“I invite everyone to the table. The language that I use in my art is universal as well as personal, and intimate. I share memories by storytelling through sewing, printmaking and painting.”
– Delita Martin
Witness: Black Artists in Texas, Then and Now is curated to celebrate major contributions of Black artists of the past and present throughout the state. The creative process of sharing personal narratives through the visual arts is a testament to the importance of documenting our individual experiences and marking the moment as a witness. This long-overdue focus on important Texas-based Black artists provides a platform to create awareness of the significant contributions they have made, and continue to make, in American art history.

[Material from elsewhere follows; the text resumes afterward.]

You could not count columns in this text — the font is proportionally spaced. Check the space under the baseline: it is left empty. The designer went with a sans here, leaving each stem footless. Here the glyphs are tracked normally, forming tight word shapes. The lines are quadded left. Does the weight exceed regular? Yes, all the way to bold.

This Grace Museum exhibition features works of art by 15 artists, including three major works by multi-disciplinary artist Delita Martin, who currently works in her studio, Black Box Press in Hamilton, Texas. Martin’s work deals with reconstructing the identity of Black women to piece together the memories, symbols, signs, and language found in everyday life from slavery to the present. By fusing a visual language with oral storytelling, she creates identities and new narratives for women of color.

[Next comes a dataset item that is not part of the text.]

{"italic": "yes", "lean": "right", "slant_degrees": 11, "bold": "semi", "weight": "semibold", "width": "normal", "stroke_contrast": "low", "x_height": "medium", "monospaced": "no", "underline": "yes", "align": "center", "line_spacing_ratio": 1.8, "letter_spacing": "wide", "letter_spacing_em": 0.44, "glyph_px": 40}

Storytelling, community, and family are the primary inspiration for many of the paintings, sculptures, ceramics, photographs, textiles, murals, drawings, and prints by John Biggers, Kermit Oliver, Roy Vinson Thomas, Harvey Johnson, Riley Holloway, Delita Martin, Sedrick Huckaby, Letitia Huckaby, and many other successful Black artists included in the exhibition.
Riley Holloway was encouraged to create art by his mother, a figurative painter and sculptor whose inspiration made a crucial difference in her son’s life. “She’s the reason I started art to begin with,” he says. She is the subject of his painting, My Mother.
Letitia Huckaby’s work is rooted in faith, family, legacy, and the Black experience. “I am always looking at how the past relates to the present and to the past. Images printed on cotton fabrics, hand stitched together with traditional African-American quilting patterns, cotton sacks, and vintage embroidery hoops push the boundaries of photography by using a traditional practice in an untraditional way to create a new visual language.”
Cofounder of Kinfolk House, Sedrick Huckaby states, “I believe my paintings are done in a language more closely in tune with my soul than the language of my tongue.” Paintings of his grandmother and her home are included in the show, along with a new sculpture and painting titled, Halle, Halie-Lujah II.
Each artist and work of art selected for this exhibition brings something authentic, personal, unique, and valuable to the nascent conversation about race and culture. In the words of artist Charles Criner, “I believe images I create are important and should be cherished windows into our past and visions of our future.”